Respective American and Australian auctions sites iOffer, OZtion and New Zealand’s biggest and most popular auction website TradeMe are involved in both of the cases where bidders thought they were buying genuine software, only to find it did not work as expected.

One such buyer was Tina Tweedie who bought her software from dlive Limited, run by Xu Lei and Liao Yaopei. She said that she assumed it was genuine, “But when I loaded the software I realised that I had been duped into buying counterfeit.”

Microsoft described the dlive counterfeit software as “high-quality” and the Australasian-centred investigation took from July 2007 until October 2008.

Jun Li, Gong Qi and Jingtao Jin were part of an international investigation that took up to nine months to complete for selling Microsoft products illegally. It is alleged the software is sourced from China.

iOffer and TradeMe received numerous complaints against the sellers, and informed Microsoft. Microsoft reviewed 27 pieces of software and found them all to be of a high standard worth $22,000; a drop in the bucket for the $48 billion pirates cost Microsoft each year.
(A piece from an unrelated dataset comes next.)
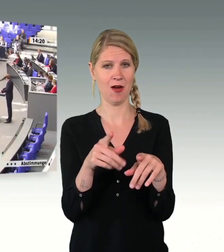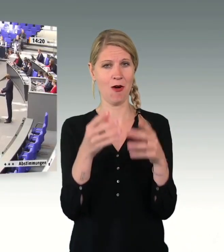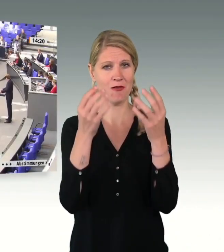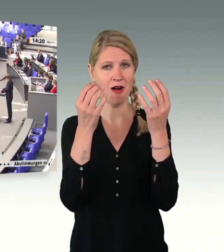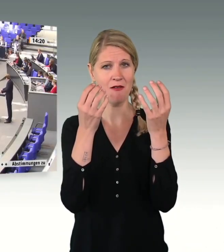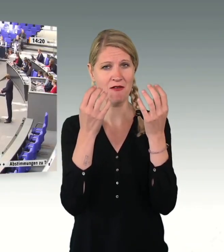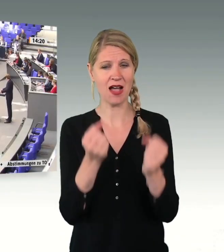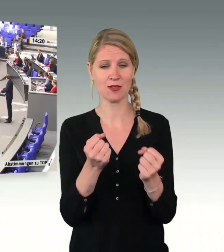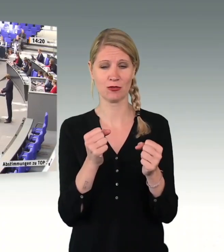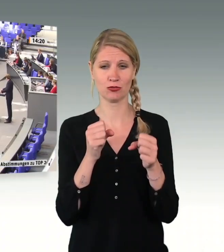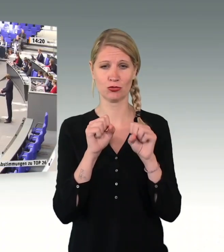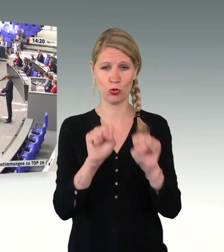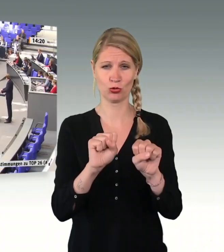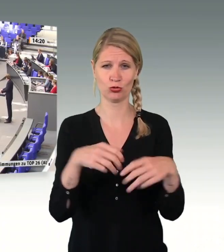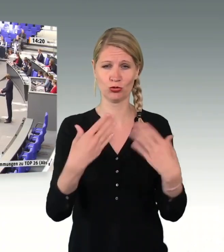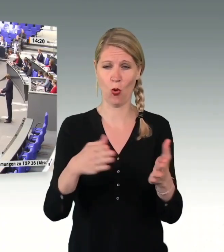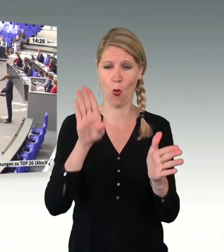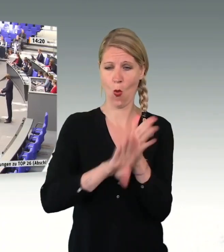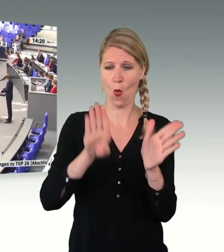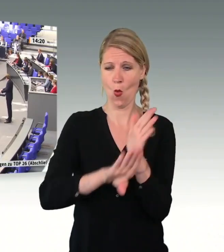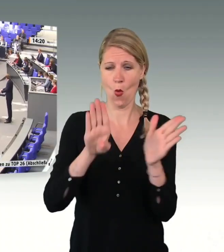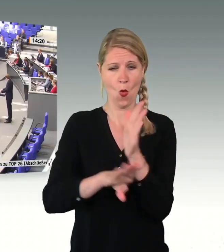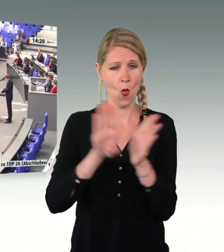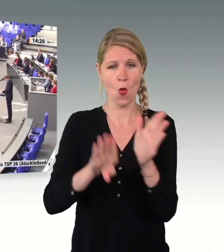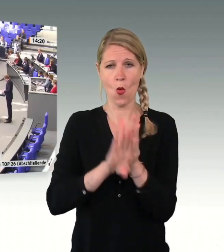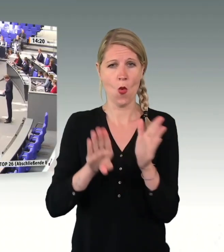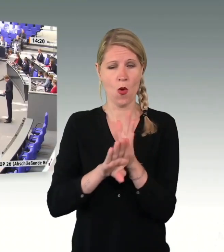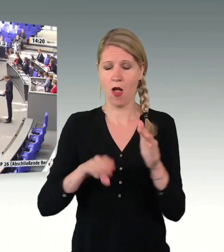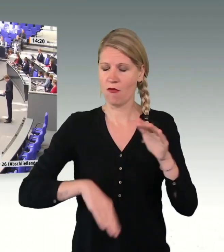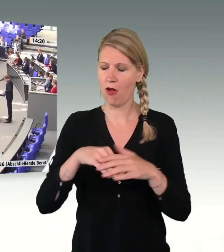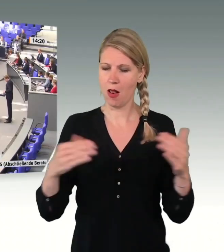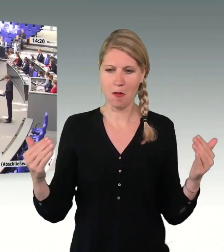haben, da kann ich nur sagen, das ist der Gipfel. Und das schlägt dem Fass den Boden aus.

Mr Li, Mr Qi and Mr Jin were also found to have been supplying fake discs to numerous countries like The Netherlands, Canada and The United Kingdom.

All traders are being taken to court by Microsoft. Mr Li already faces a NZ$100,000 fine and is required to pay all legal costs. Other traders have had their bank accounts frozen while their trial awaits.

Microsoft does have some final words of advice, “Consumers should exercise great care in purchasing software from Internet auction sites, as some online traders are disreputable and there is usually no opportunity to inspect the product prior to purchase,” Vanessa Hutley, senior corporate attorney and director, Intellectual Property at Microsoft Australia said.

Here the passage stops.